Brief commentary on the significance of nonpartisan awareness.

Amidst the galvanizing hemorrhage of recent global events and social justice tribulations that have consumed our news feeds, social media has taught us that everyone has a voice in these events. Yet, we have arrived at an age where our harbingers of awareness are not to be trusted -- at least not until a collective representation of an event is garnered by wading through estuaries of manipulative rhetoric and journalistic biases. Whether this be the earnest flaw of the craft or the karmic consequence of our latent desires for confirmation bias, one thing stands clear: exclusive submission to a few sources equates to fatal misguidance.
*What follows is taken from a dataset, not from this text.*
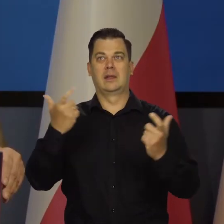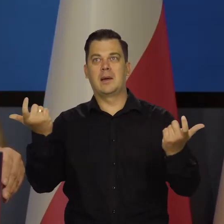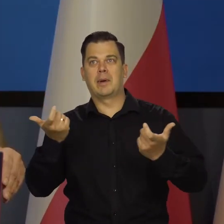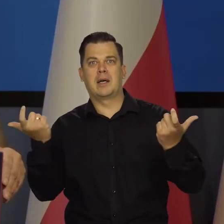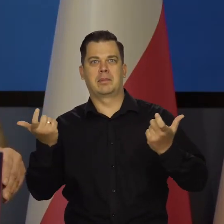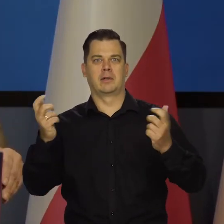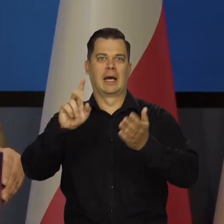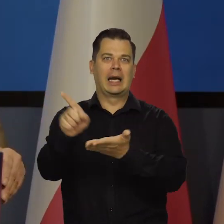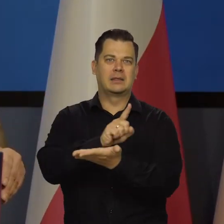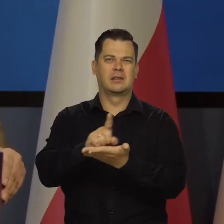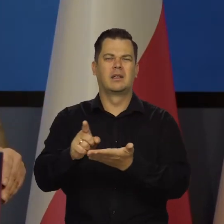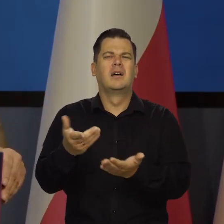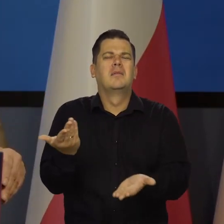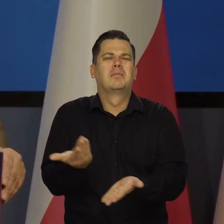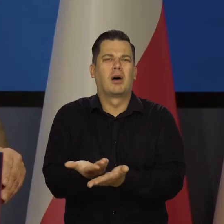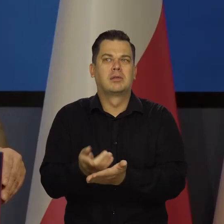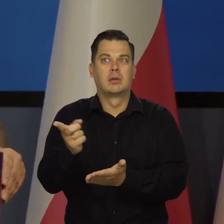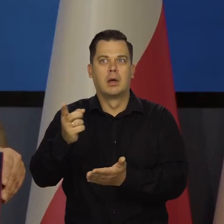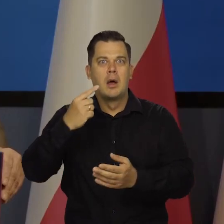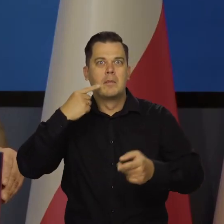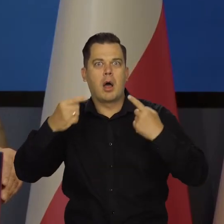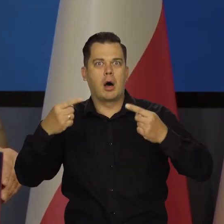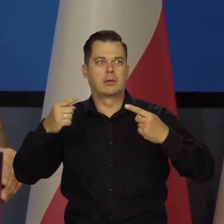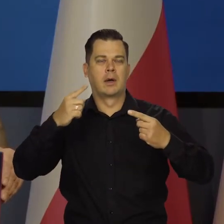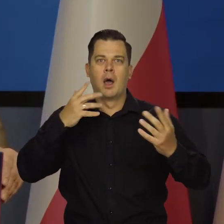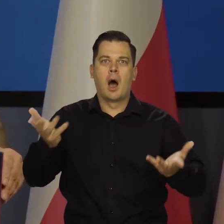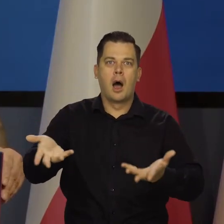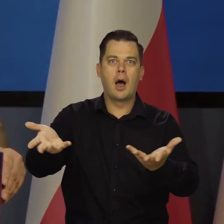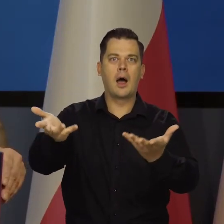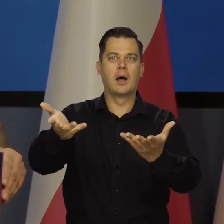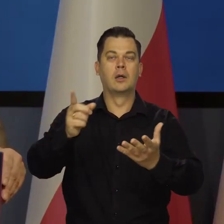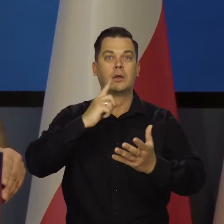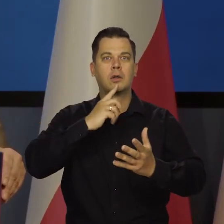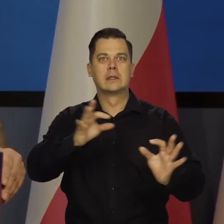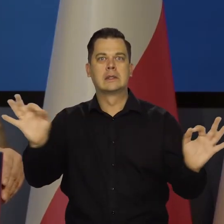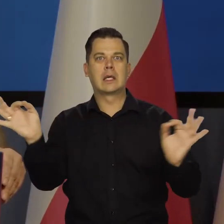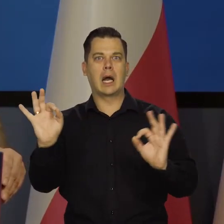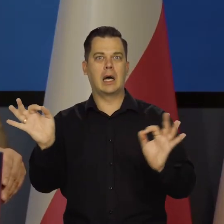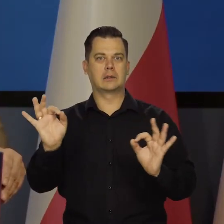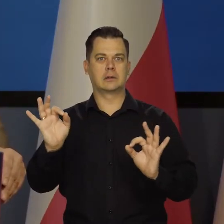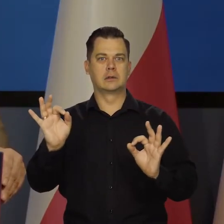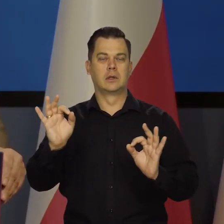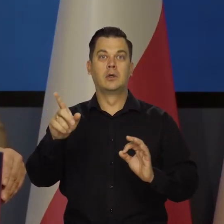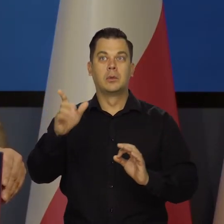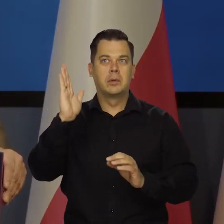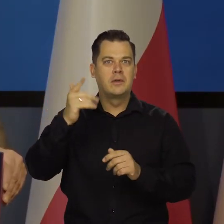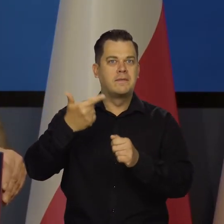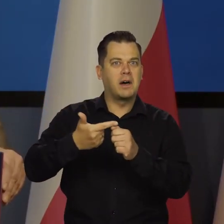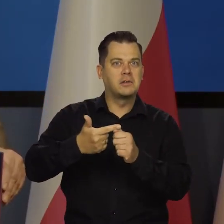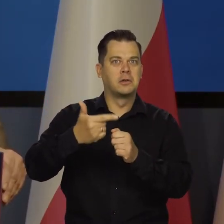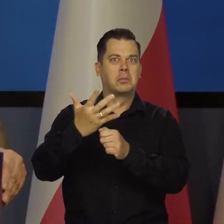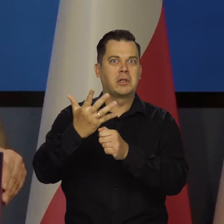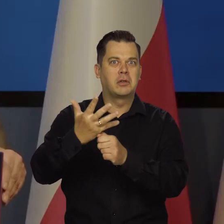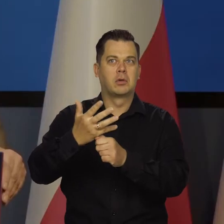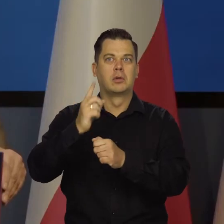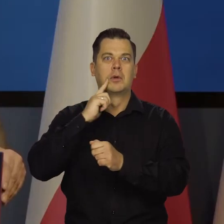Napędzanie tego szaleństwa i że zaraz będzie hiperinflacja 20,25, 50% Turcja.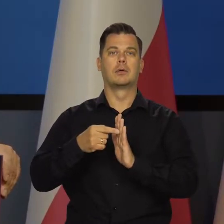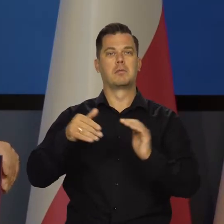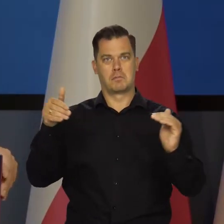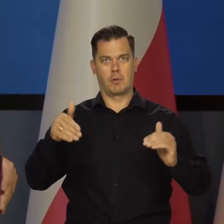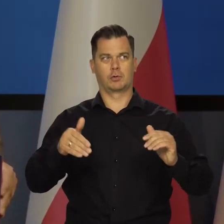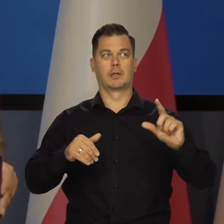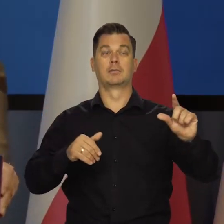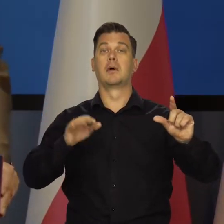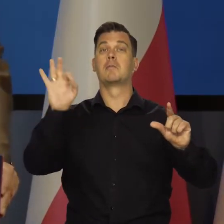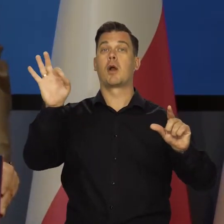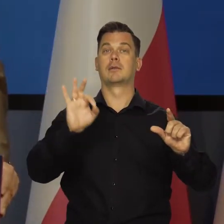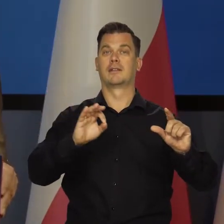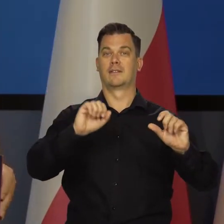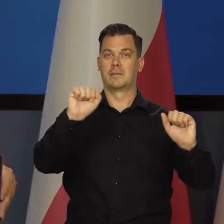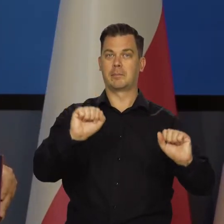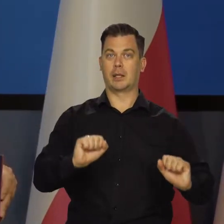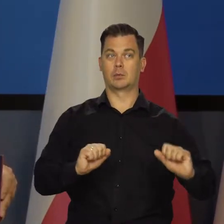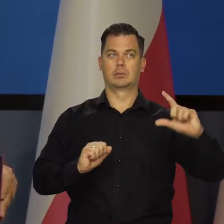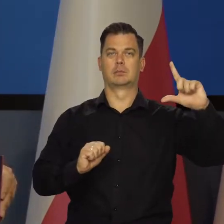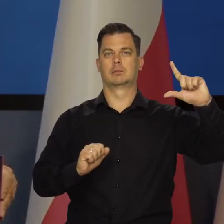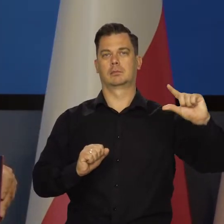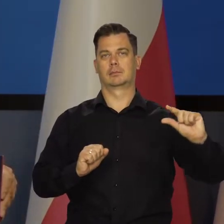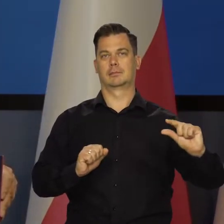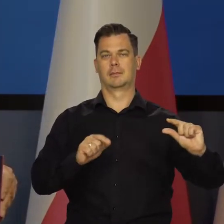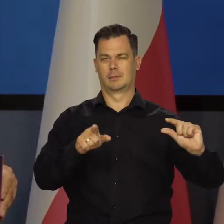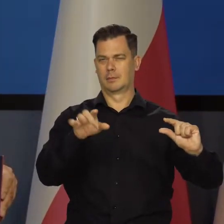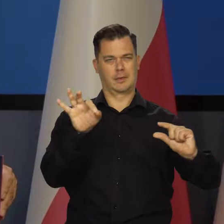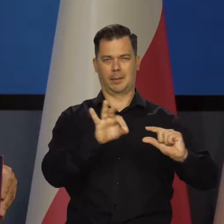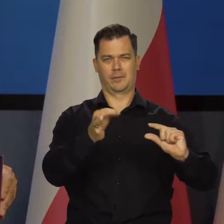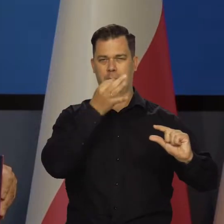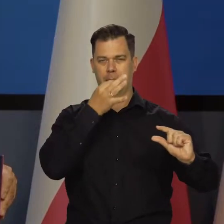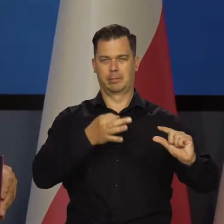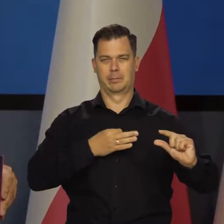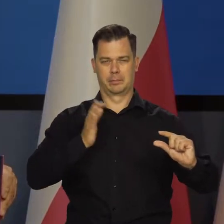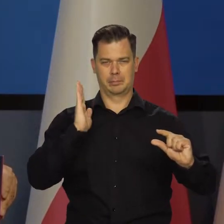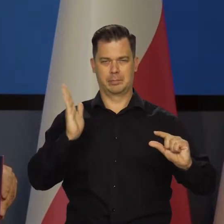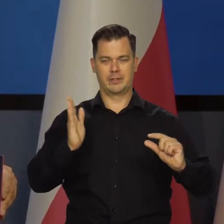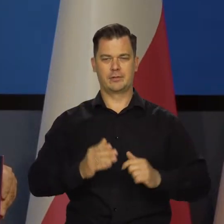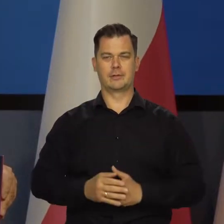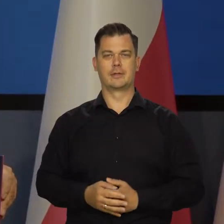pojawia się oczywiście przestrzeń do obniżenia stóp procentowych. Uprzedzam pytania, które zwykle są.

Truth is the fundamental principle of productive conversations. Despite this kind of integrity being the pledge of news outlets to uphold, many such outlets today find themselves in a frantic race to run stories, often without its full volume and fair interpretation. When “ABC’s Brian Ross reported that former Trump’s National Security Adviser Michael Flynn revealed that he’d been ordered to contact Russian officials during the campaign," Trump advocates howled piously in celebration of their “righteousness," only to learn shortly after that “Flynn’s instructions came [after the election] during the transition period -- when it was perfectly appropriate for incoming Trumpies to reach out to their counterparts abroad" (Post Editorial Board). Needless to say, the Trump advocates were dejected, but the larger concern resided in the dissolving of ABC’s credibility. An audience had been eclipsed from a truth, and the fallibility of the news outlet’s ability to uphold its responsibility of accurately representing a case was displayed, ensuing in a widespread delusion. In essence, our perceptions are vulnerable to change, but the truth, which ironically, is procured from the eyes of designated others, most certainly are not.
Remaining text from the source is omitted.